話題の最新デジタル一眼レフ「PENTAX KF」。そのボディとともに販売されているのは「smc PENTAX-DA L 18-55mmF3.5-5.6AL WR」です。35mm判換算で27.5-84.5mmをカバーできる使いやすいレンジを持っていますが、このレンズを「PENTAX KF」や「PENTAX K-3 Mark III」で試してみましょう。セットになるほどなので写りはなかなかの実力派でした。

smc PENTAX-DA L 18-55mmF3.5-5.6AL WRの特徴

このレンズは何よりも軽くてコンパクト、そして高性能非球面レンズと異常低分散ガラスを採用し、さまざまな収差を良好に補正し、高い画質を提供してくれるのが特徴です。しかも、簡易防塵防滴構造を備えているので、不意の雨などでも安心して撮影を続けられるのがいいですね。
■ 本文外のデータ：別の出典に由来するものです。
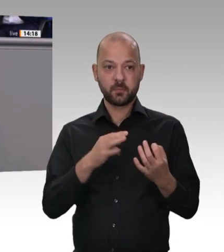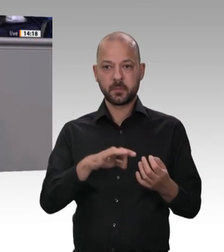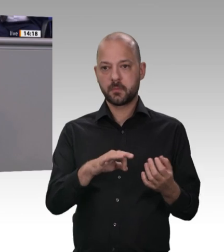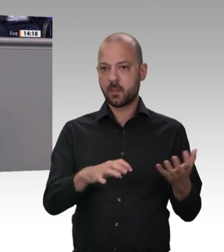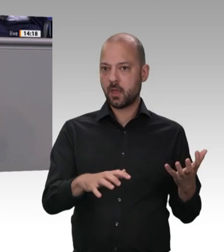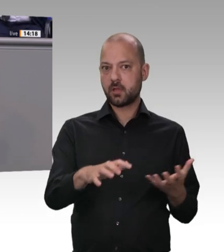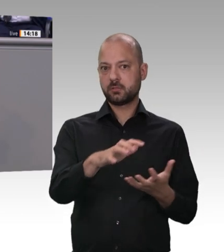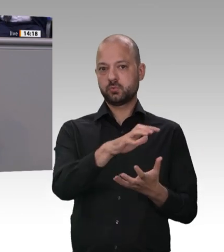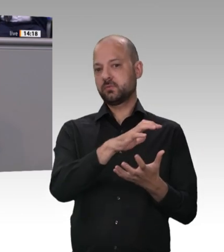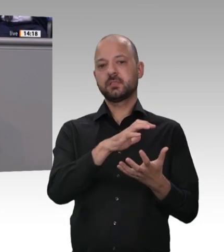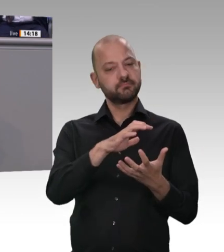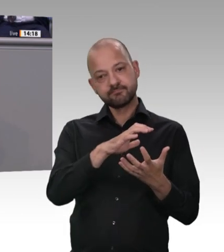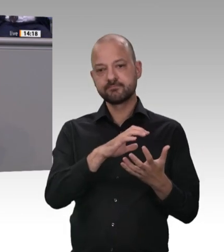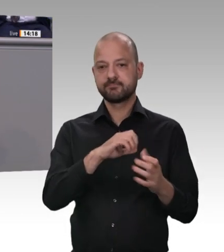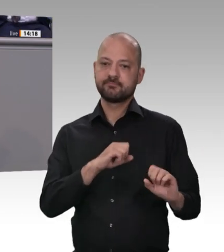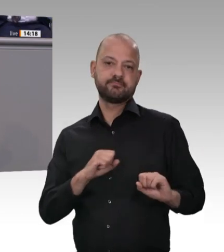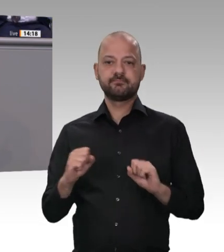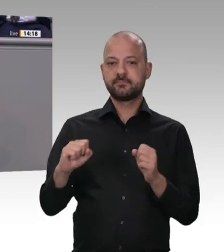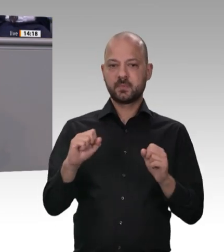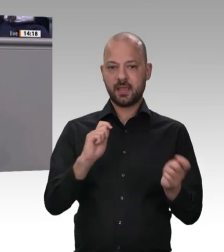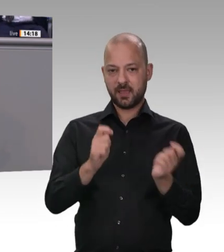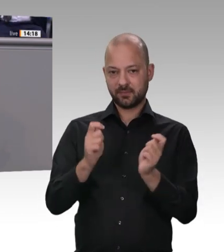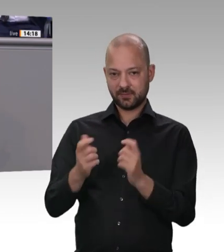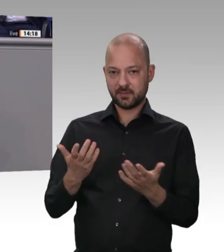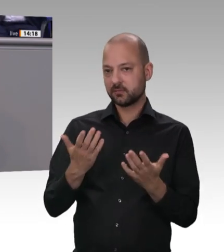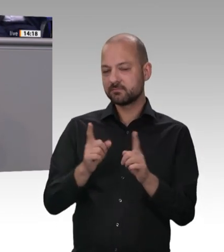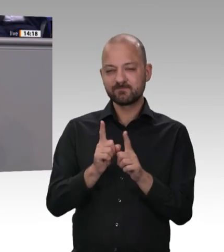Klaus Ernst, parteipolitische Auseinandersetzungen sind wichtig in diesem Parlament. Aber Verantwortung

「ふむふむ」とPENTAXのウェブサイトでスペックをチェックしていたところ、「smc PENTAX-DA 18-55mmF3.5-5.6AL WR」という単品販売されているレンズがあることに気がつきました。レンズキットのものは「smc PENTAX-DA L 18-55mmF3.5-5.6AL WR」です。「DA」と「DA L」と表記が異なっています。よくチェックすると外観もちょっと違うようです。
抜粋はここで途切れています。